◆ Data under study
"""

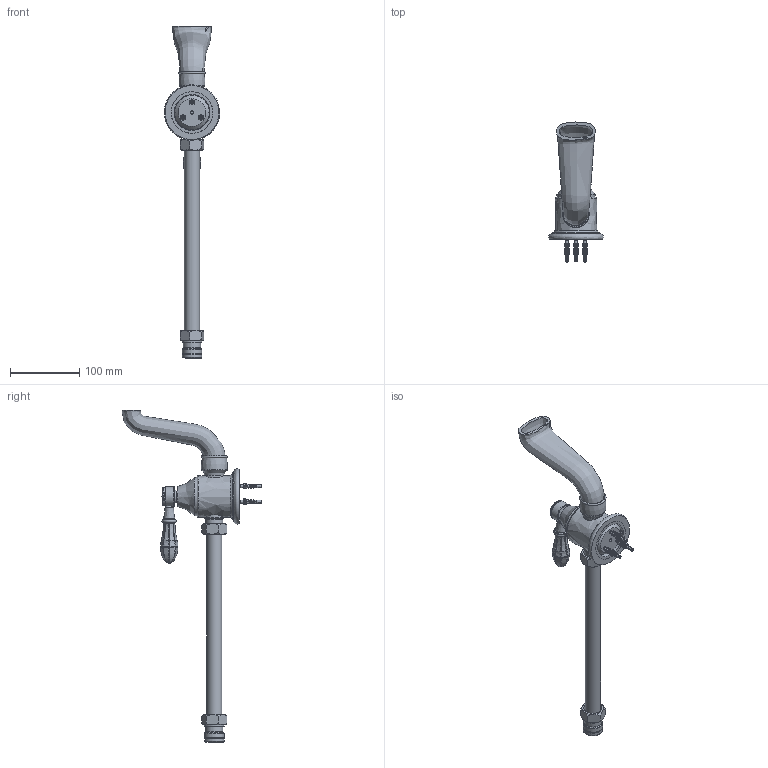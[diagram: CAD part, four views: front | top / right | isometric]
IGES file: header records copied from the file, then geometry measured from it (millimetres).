
Global section: file name: V228-TGB; native system: Autodesk Inventor 2018; preprocessor: unknown; author: aduggalther; date: 20180814.123924; units: millimetre
Bounding box: 79.96 x 202.23 x 480.1 mm (x, y, z)
Volume: 371150.5 mm3; surface area: 195664.3 mm2
Topology: 41 solids, 41 shells, 1749 faces, 5030 edges, 3377 vertices
Faces by surface type: bspline 1749

"""

◆ What this task involves
Pictures within the entries must not be reproduced; everything else is to be restated verbatim.

◆ Answer below
[diagram: CAD part, four views: front | top / right | isometric]
IGES file: header records copied from the file, then geometry measured from it (millimetres).
Global section: file name: V228-TGB; native system: Autodesk Inventor 2018; preprocessor: unknown; author: aduggalther; date: 20180814.123924; units: millimetre
Bounding box: 79.96 x 202.23 x 480.1 mm (x, y, z)
Volume: 371150.5 mm3; surface area: 195664.3 mm2
Topology: 41 solids, 41 shells, 1749 faces, 5030 edges, 3377 vertices
Faces by surface type: bspline 1749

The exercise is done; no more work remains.